The Ancoats Dispensary building before scaffolding was put up by Urban Splash in 2010

A small group of local activists had been keeping a vigil for over 3 years outside one of Ancoats’s most iconic ruins: the old Ancoats Hospital building, constructed in 1875 as a replacement for the earlier dispensary, opened in 1828. The Ancoats Dispensary Trust – the organisation who keeps the vigil – was formed in 2011 as ‘a reactionary movement in opposition to the proposed demolition’ of the Grade II listed hospital building by Urban Splash, who had purchased the building (apparently for just £1) in the 1990s but had been unable to find an alternative use for the building, despite the company’s chair and co-founder Tom Bloxham declaring in 2001 that ‘if we don’t deliver of this one, we’ll never work in this city again.’ Having initially worked with the North West Development Agency (NWDA) in renovating the Dispensary into apartments, erecting scaffoldings and removing the existing roof, the abolition of the NWDA in 2010 by the new coalition government resulted in Urban Splash ‘mothballing’ the building and applying to the City Council for a demolition order.

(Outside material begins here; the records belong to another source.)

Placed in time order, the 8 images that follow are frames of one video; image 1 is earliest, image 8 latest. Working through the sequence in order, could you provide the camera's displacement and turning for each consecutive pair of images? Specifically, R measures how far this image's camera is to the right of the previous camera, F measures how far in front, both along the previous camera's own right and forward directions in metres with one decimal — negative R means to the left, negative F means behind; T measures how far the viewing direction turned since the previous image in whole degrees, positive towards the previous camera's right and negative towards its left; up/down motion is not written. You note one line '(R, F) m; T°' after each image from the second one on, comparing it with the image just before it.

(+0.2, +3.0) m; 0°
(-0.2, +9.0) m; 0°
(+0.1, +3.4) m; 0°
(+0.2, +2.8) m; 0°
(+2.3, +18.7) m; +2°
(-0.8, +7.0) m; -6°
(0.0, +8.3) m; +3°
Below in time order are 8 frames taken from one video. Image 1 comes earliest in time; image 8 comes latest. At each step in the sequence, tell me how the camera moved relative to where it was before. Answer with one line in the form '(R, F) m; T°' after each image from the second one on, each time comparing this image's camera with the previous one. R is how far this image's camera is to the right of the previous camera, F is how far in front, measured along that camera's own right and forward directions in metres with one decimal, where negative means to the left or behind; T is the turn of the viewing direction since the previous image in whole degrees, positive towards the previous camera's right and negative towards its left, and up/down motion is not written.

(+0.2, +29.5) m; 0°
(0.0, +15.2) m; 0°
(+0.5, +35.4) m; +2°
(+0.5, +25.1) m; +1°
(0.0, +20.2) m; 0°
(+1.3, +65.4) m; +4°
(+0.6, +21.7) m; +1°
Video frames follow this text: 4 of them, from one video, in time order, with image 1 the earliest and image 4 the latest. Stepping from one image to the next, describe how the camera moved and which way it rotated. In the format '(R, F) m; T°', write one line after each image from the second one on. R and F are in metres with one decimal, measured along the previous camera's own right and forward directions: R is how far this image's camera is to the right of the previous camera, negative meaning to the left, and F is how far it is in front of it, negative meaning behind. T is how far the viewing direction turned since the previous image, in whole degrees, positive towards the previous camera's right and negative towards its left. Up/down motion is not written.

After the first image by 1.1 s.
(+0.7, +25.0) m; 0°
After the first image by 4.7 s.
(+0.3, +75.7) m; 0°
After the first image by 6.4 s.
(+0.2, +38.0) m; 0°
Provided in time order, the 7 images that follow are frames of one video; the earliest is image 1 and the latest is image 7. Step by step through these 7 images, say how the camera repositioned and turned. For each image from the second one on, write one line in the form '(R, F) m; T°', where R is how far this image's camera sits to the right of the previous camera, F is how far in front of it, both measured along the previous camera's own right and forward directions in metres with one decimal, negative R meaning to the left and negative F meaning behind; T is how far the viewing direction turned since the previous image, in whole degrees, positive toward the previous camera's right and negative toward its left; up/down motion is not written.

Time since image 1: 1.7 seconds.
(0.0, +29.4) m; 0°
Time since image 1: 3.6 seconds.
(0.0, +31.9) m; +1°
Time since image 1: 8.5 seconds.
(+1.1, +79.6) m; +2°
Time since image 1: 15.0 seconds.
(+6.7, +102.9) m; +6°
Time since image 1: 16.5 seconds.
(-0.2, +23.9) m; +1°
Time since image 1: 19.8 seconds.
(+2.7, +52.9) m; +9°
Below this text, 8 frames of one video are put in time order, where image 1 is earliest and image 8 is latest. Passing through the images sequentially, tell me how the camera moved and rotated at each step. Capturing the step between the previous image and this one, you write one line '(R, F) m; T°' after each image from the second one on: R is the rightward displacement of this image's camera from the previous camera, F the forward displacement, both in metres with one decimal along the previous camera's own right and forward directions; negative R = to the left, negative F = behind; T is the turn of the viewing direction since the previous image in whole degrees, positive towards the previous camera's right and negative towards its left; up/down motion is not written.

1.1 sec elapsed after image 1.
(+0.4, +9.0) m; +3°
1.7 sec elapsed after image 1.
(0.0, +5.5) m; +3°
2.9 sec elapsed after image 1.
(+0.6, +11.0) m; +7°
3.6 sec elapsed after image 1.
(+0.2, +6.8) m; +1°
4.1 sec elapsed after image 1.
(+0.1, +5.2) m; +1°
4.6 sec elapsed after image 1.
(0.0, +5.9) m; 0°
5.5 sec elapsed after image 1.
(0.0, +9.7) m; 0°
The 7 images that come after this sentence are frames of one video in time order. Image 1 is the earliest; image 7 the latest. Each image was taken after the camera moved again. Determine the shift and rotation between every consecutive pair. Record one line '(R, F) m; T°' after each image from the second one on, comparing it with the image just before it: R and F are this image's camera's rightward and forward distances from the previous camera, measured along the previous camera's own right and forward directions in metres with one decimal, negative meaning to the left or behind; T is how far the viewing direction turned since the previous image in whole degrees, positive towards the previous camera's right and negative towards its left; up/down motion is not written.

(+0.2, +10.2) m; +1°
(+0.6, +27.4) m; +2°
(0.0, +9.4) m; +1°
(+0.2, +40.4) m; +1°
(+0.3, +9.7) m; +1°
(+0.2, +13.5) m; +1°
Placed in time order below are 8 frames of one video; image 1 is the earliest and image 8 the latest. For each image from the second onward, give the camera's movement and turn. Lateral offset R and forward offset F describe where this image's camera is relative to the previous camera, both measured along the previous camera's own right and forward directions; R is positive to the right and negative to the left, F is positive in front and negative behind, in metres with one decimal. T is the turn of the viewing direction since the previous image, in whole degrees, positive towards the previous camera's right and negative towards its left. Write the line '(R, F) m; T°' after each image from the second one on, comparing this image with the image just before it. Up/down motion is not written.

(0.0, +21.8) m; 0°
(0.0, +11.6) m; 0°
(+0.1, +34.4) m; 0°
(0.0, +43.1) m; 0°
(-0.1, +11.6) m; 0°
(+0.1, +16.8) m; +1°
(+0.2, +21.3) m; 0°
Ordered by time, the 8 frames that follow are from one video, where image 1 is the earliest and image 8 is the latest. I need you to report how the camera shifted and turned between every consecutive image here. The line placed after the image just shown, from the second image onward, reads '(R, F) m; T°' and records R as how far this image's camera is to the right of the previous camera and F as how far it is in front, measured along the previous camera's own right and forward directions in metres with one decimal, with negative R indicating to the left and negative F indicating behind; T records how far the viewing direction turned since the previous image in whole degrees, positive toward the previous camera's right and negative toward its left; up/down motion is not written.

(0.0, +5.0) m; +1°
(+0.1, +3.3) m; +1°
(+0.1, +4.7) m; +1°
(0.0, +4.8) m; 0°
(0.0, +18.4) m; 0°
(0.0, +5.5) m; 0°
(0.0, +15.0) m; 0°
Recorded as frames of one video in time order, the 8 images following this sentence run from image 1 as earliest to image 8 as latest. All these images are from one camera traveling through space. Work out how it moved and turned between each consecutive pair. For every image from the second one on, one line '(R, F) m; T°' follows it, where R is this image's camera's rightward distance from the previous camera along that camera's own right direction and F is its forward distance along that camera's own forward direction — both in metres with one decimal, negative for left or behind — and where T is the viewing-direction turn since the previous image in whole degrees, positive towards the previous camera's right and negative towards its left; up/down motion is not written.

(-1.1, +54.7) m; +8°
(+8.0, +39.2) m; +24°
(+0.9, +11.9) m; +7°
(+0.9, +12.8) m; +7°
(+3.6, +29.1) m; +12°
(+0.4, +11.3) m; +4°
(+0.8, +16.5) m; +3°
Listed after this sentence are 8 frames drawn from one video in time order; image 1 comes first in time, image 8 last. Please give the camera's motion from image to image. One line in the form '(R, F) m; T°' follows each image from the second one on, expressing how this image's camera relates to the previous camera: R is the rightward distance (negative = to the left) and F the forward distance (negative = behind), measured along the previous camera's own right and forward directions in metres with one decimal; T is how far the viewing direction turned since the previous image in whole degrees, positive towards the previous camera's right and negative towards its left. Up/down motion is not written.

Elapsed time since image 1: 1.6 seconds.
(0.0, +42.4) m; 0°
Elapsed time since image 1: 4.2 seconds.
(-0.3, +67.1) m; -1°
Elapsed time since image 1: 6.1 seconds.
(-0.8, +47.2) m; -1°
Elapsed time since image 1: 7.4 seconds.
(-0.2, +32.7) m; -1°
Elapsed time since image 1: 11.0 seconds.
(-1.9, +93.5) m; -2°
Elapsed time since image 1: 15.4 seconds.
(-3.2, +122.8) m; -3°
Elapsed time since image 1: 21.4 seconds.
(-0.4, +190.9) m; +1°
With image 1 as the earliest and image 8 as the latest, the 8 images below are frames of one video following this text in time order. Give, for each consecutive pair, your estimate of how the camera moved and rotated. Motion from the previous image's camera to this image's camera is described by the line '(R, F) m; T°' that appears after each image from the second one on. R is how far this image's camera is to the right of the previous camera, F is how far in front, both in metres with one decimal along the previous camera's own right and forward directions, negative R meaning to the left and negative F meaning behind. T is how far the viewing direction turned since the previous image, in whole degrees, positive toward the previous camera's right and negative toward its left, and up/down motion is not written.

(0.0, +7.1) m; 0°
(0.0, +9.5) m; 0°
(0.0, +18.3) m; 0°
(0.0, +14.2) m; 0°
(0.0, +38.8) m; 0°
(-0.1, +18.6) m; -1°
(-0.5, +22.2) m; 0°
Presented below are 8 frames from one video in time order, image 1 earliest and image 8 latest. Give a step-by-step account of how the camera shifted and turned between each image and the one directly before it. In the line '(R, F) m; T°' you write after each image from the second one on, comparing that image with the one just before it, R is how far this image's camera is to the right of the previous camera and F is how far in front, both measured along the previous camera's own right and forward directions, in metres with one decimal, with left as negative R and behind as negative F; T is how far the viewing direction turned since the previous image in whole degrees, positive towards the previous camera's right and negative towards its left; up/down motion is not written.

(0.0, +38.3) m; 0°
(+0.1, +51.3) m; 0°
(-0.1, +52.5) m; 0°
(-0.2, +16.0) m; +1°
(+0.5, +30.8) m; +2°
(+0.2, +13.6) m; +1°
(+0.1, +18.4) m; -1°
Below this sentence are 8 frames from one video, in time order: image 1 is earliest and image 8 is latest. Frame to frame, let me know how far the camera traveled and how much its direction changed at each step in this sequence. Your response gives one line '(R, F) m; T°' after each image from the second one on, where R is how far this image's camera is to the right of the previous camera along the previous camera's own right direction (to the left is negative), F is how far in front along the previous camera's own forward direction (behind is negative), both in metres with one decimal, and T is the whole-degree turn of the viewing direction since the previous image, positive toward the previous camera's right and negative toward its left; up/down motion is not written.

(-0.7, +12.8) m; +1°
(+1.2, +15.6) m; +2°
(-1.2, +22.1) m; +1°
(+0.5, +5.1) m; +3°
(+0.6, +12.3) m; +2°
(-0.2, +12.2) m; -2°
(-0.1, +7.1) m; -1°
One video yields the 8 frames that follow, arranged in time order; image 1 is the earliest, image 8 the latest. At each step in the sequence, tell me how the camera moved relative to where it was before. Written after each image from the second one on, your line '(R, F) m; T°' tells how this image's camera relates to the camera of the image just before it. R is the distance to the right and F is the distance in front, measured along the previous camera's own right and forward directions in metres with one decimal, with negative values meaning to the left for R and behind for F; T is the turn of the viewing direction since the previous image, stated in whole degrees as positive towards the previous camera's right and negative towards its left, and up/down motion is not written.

The Dispensary building in March 2014

The Dispensary building in March 2014

With the destruction of the building seemingly imminent, a grassroots campaign was begun that has put forward an alternative proposal to turn the building into a community space. As the Ancoats Dispensary Trust has argued, the campaign for the Dispensary to returned to ‘common use’ reflects the history of the building as a place of healing within the larger Ancoats area. As the campaign chair, Linda Carver, has argued, the motivation for returning this ruin to the community grew out of widespread dissatisfaction with both Manchester City Council and Urban Splash’s policy of turning the New Islington area of Ancoats into a mainly privately owned site with only small concessions to social housing. Indeed, in my own visits to the Dispensary in March 2014, I encountered the same feeling amongst those volunteers who maintained the vigil for three hours in the afternoon every weekday of the year.

Shelter for the vigil's volunteers

Shelter for the vigil’s volunteers

Day 203 of the vigil, 28 February 2013

Day 203 of the vigil, 28 February 2013

With a host of makeshift placards and posters now obscuring Urban Splash’s now ironic images of what the Dispensary might have looked like if converted into privately-owned apartments, the vigil has created and occupied its own space of resistance outside the ruined building, re-appropriating it as a site of political protest. That the vigil has continued unbroken for so long is a powerful testament to the tenacity of dedication of a small group of local citizens to what seems a thankless task (the campaign has already been refused Heritage Lottery Funding twice).What all of the volunteers I spoke with had in common was a history of displacement by regeneration programmes in the East Manchester area: for example, Chris was moved out of Ancoats by the local authority after his rent was raised by Adacdus Housing (the association who used to manage the housing in Ancoats on behalf of the City Council); Jackie had lived in Ancoats for 42 years before her block of flats was scheduled for demolition and she was relocated to Openshaw; while Patrick lived in the neighbouring area of Clayton, but nevertheless felt strong affinities with displaced Ancoats’ residents. All shared a common sense of anger towards both Urban Splash and Manchester City Council regarding the regeneration of the New Islington site. Both Chris and Patrick regarded the new apartments along the Ashton Canal (including the Chips Building, designed by Wil Alsop) as being only for wealthy buyers, while the waste ground that lay in between the Dispensary and the Rochdale Canal was an ‘insult’ to the Ancoats community because it was now fenced-off privately owned land that had been taken away from the existing community.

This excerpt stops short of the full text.